▶ **Exercise directions**
Only text lines belong in the answer: the lines from the first one in the records through the line with "M 464.92 67.94", copied exactly.

Extracted data entries:
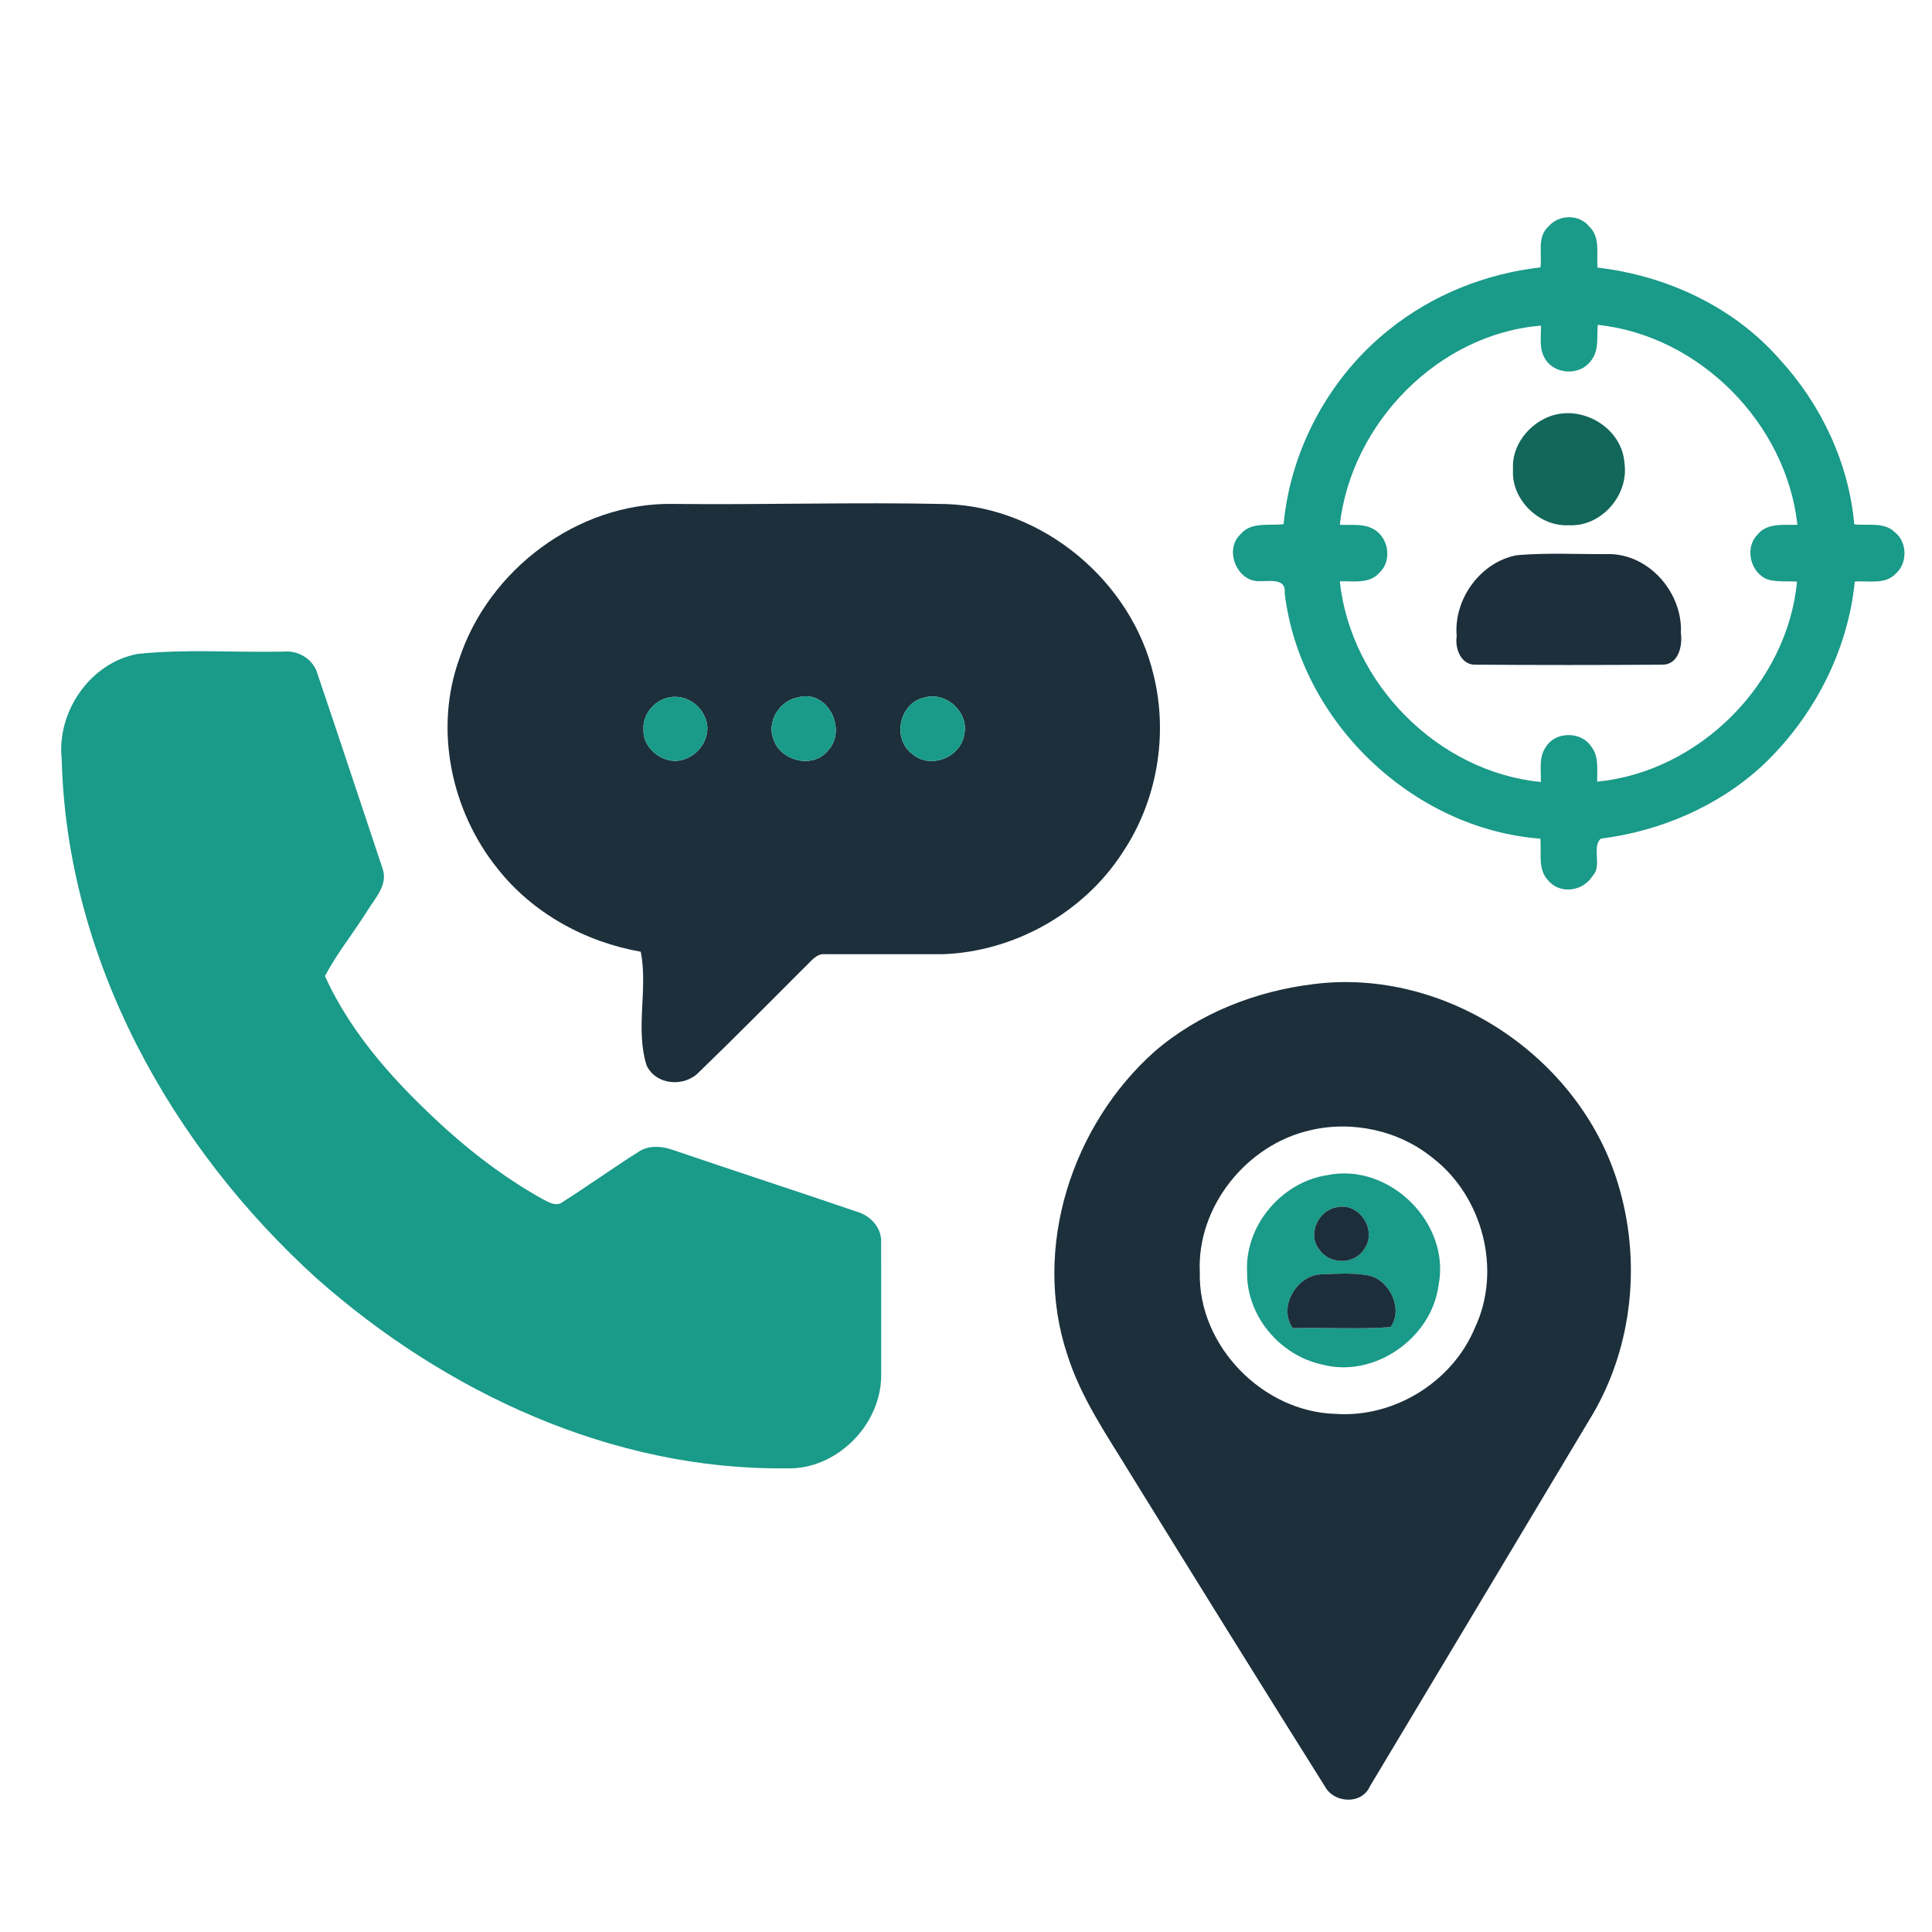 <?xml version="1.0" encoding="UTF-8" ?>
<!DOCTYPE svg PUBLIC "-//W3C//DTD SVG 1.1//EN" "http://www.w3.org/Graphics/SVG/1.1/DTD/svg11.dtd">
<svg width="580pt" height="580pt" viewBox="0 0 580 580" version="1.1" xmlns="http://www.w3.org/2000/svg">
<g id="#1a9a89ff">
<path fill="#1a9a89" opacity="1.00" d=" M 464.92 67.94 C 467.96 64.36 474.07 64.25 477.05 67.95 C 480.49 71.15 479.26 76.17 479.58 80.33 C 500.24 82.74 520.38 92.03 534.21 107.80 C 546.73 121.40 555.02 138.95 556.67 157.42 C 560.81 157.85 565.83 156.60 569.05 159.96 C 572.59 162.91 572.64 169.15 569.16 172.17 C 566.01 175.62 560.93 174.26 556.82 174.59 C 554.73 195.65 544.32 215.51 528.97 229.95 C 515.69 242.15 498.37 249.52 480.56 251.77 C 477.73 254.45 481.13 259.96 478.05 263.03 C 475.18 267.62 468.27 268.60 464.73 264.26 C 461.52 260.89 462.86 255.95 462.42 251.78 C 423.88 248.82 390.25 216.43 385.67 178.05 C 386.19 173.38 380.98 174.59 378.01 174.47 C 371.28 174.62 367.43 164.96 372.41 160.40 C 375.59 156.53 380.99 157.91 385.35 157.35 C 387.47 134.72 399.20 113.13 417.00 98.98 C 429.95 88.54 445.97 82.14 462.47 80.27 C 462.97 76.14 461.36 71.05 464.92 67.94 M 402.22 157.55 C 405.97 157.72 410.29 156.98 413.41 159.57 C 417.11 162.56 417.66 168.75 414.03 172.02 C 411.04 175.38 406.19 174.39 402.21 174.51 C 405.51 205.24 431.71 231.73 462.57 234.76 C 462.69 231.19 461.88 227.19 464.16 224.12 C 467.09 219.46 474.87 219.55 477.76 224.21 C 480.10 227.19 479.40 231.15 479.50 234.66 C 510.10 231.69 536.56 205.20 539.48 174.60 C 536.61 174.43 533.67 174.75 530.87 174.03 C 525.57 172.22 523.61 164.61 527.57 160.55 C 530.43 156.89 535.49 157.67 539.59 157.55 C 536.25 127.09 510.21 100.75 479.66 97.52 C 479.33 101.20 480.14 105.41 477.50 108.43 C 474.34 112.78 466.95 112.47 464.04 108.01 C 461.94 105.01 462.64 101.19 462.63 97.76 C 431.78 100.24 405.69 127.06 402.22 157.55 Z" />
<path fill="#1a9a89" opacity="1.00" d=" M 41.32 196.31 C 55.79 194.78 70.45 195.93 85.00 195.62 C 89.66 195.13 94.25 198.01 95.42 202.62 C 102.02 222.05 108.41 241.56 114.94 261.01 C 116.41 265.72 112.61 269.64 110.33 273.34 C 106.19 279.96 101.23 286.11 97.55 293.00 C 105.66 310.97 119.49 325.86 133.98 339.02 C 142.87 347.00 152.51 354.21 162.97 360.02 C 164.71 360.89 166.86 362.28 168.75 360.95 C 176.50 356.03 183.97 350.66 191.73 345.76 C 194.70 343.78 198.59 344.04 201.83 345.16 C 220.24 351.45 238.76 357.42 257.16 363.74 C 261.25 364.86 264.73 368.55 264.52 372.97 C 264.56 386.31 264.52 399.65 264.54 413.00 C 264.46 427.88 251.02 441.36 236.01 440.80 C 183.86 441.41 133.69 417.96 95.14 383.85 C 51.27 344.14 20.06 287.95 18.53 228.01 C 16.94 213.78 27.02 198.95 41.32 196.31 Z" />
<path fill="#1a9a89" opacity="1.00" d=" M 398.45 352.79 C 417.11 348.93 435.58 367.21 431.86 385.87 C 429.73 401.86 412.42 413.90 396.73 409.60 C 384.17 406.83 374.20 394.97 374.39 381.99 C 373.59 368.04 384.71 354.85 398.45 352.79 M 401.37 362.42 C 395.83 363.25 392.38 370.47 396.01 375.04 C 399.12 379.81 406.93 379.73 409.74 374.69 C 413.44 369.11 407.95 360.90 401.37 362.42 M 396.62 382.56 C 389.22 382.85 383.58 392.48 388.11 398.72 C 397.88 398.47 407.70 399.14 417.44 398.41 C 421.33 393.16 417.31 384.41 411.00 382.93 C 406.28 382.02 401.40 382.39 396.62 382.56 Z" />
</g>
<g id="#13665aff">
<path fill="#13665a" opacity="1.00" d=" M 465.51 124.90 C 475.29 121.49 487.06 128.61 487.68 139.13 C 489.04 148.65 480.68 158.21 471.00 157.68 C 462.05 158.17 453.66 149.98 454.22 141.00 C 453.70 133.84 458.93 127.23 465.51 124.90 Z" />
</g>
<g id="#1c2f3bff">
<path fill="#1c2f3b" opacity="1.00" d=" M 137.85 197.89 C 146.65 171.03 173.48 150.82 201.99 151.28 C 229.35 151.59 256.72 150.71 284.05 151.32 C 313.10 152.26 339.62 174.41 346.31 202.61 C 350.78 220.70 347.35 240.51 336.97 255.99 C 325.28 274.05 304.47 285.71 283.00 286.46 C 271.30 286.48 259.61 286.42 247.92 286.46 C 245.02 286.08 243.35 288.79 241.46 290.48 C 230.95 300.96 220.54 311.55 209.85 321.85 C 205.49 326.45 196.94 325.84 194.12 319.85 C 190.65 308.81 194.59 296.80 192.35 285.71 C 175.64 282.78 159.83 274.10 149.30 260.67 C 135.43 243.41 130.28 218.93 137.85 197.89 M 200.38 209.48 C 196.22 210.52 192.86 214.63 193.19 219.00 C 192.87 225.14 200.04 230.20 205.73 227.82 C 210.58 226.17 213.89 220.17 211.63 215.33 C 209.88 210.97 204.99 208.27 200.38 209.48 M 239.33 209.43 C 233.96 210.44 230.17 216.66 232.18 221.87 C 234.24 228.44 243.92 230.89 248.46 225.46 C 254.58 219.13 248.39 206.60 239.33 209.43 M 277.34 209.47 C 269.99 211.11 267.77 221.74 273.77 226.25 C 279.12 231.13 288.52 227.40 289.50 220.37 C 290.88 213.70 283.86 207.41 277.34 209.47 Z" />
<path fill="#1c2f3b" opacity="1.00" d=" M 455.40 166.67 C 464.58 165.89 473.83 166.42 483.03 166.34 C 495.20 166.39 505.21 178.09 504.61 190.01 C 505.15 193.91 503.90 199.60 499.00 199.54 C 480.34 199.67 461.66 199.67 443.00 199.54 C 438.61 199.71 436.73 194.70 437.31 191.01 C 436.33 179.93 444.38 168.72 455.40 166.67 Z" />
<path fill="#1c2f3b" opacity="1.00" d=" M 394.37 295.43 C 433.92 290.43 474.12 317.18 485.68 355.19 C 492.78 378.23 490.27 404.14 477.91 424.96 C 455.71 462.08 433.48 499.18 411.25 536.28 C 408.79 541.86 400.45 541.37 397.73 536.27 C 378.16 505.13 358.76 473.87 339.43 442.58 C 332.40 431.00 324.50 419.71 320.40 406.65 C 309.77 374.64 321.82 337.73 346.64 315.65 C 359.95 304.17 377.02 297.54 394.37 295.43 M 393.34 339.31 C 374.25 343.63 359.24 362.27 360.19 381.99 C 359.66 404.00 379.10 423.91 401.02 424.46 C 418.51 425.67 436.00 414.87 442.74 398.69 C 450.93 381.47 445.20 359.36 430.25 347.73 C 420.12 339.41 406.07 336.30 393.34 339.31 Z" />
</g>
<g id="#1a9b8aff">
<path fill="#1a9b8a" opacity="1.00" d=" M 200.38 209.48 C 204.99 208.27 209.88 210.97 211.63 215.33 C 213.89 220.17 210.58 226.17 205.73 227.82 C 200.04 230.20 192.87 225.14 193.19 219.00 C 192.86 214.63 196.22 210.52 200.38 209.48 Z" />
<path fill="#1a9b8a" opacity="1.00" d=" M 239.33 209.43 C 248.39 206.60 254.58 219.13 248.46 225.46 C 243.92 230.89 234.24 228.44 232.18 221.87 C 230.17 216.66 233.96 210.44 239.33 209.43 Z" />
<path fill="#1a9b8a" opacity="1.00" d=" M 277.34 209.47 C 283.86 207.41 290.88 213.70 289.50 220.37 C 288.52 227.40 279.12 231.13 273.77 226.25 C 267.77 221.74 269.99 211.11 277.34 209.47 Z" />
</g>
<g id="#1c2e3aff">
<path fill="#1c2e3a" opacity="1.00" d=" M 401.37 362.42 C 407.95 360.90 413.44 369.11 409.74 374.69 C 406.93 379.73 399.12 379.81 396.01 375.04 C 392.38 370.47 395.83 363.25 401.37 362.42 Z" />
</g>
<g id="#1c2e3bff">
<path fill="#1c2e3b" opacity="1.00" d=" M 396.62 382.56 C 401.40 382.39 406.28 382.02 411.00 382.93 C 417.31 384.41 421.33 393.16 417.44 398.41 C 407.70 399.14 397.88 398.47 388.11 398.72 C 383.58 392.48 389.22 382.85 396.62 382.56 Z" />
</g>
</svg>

▶ **Response to the exercise**
 <?xml version="1.0" encoding="UTF-8" ?>
<!DOCTYPE svg PUBLIC "-//W3C//DTD SVG 1.1//EN" "http://www.w3.org/Graphics/SVG/1.1/DTD/svg11.dtd">
<svg width="580pt" height="580pt" viewBox="0 0 580 580" version="1.1" xmlns="http://www.w3.org/2000/svg">
<g id="#1a9a89ff">
<path fill="#1a9a89" opacity="1.00" d=" M 464.92 67.94 C 467.96 64.36 474.07 64.25 477.05 67.95 C 480.49 71.15 479.26 76.17 479.58 80.33 C 500.24 82.74 520.38 92.03 534.21 107.80 C 546.73 121.40 555.02 138.95 556.67 157.42 C 560.81 157.85 565.83 156.60 569.05 159.96 C 572.59 162.91 572.64 169.15 569.16 172.17 C 566.01 175.62 560.93 174.26 556.82 174.59 C 554.73 195.65 544.32 215.51 528.97 229.95 C 515.69 242.15 498.37 249.52 480.56 251.77 C 477.73 254.45 481.13 259.96 478.05 263.03 C 475.18 267.62 468.27 268.60 464.73 264.26 C 461.52 260.89 462.86 255.95 462.42 251.78 C 423.88 248.82 390.25 216.43 385.67 178.05 C 386.19 173.38 380.98 174.59 378.01 174.47 C 371.28 174.62 367.43 164.96 372.41 160.40 C 375.59 156.53 380.99 157.91 385.35 157.35 C 387.47 134.72 399.20 113.13 417.00 98.98 C 429.95 88.54 445.97 82.14 462.47 80.27 C 462.97 76.14 461.36 71.05 464.92 67.94 M 402.22 157.55 C 405.97 157.72 410.29 156.98 413.41 159.57 C 417.11 162.56 417.66 168.75 414.03 172.02 C 411.04 175.38 406.19 174.39 402.21 174.51 C 405.51 205.24 431.71 231.73 462.57 234.76 C 462.69 231.19 461.88 227.19 464.16 224.12 C 467.09 219.46 474.87 219.55 477.76 224.21 C 480.10 227.19 479.40 231.15 479.50 234.66 C 510.10 231.69 536.56 205.20 539.48 174.60 C 536.61 174.43 533.67 174.75 530.87 174.03 C 525.57 172.22 523.61 164.61 527.57 160.55 C 530.43 156.89 535.49 157.67 539.59 157.55 C 536.25 127.09 510.21 100.75 479.66 97.52 C 479.33 101.20 480.14 105.41 477.50 108.43 C 474.34 112.78 466.95 112.47 464.04 108.01 C 461.94 105.01 462.64 101.19 462.63 97.76 C 431.78 100.24 405.69 127.06 402.22 157.55 Z" />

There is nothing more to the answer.